Exercise inputs:
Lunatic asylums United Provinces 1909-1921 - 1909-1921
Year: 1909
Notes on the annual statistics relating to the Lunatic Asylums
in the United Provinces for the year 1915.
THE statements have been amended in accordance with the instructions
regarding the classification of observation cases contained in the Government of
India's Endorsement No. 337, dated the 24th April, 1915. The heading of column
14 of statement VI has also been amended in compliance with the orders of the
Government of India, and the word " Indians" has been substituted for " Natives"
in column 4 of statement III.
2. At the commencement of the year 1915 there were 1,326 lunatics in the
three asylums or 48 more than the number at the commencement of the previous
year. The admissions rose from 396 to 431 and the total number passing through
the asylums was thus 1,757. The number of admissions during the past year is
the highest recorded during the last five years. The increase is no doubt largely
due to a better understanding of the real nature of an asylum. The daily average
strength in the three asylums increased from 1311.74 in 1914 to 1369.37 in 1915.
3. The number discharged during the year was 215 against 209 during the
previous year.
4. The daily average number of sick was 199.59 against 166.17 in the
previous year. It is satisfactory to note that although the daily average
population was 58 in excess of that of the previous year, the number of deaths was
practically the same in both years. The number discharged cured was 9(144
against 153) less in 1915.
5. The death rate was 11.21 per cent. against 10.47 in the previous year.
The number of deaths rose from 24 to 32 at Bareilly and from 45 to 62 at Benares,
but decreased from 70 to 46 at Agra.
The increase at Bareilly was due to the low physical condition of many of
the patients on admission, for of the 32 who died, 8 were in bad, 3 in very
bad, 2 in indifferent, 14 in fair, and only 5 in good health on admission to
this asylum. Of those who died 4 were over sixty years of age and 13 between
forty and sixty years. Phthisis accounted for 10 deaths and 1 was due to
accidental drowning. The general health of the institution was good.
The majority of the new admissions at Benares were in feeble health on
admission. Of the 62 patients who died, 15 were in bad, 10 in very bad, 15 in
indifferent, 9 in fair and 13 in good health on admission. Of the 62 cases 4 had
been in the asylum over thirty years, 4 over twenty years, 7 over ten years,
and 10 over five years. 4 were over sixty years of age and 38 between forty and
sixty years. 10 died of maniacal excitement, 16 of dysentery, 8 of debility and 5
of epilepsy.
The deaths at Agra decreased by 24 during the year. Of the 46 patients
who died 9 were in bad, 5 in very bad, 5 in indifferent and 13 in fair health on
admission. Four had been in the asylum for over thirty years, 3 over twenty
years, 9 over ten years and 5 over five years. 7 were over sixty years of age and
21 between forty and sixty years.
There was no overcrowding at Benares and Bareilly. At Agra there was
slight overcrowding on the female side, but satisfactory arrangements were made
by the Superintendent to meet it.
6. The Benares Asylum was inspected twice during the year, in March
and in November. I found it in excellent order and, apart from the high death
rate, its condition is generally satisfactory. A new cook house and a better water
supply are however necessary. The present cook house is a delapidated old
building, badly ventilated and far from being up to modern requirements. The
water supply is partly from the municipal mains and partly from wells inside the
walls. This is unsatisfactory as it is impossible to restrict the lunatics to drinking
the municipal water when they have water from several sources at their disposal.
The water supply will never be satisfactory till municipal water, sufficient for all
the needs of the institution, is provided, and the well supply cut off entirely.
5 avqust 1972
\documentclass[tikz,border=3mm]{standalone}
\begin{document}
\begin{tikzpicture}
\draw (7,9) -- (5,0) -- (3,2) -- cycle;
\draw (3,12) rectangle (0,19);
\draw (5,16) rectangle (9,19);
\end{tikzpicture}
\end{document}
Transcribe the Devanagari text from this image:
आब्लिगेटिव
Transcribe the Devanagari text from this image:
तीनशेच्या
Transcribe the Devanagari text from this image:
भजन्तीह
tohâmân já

Instructions for the task: Copy out each line of the data in which the word "daily" appears.

Exercise answer:
due to a better understanding of the real nature of an asylum. The daily average
4. The daily average number of sick was 199.59 against 166.17 in the
previous year. It is satisfactory to note that although the daily average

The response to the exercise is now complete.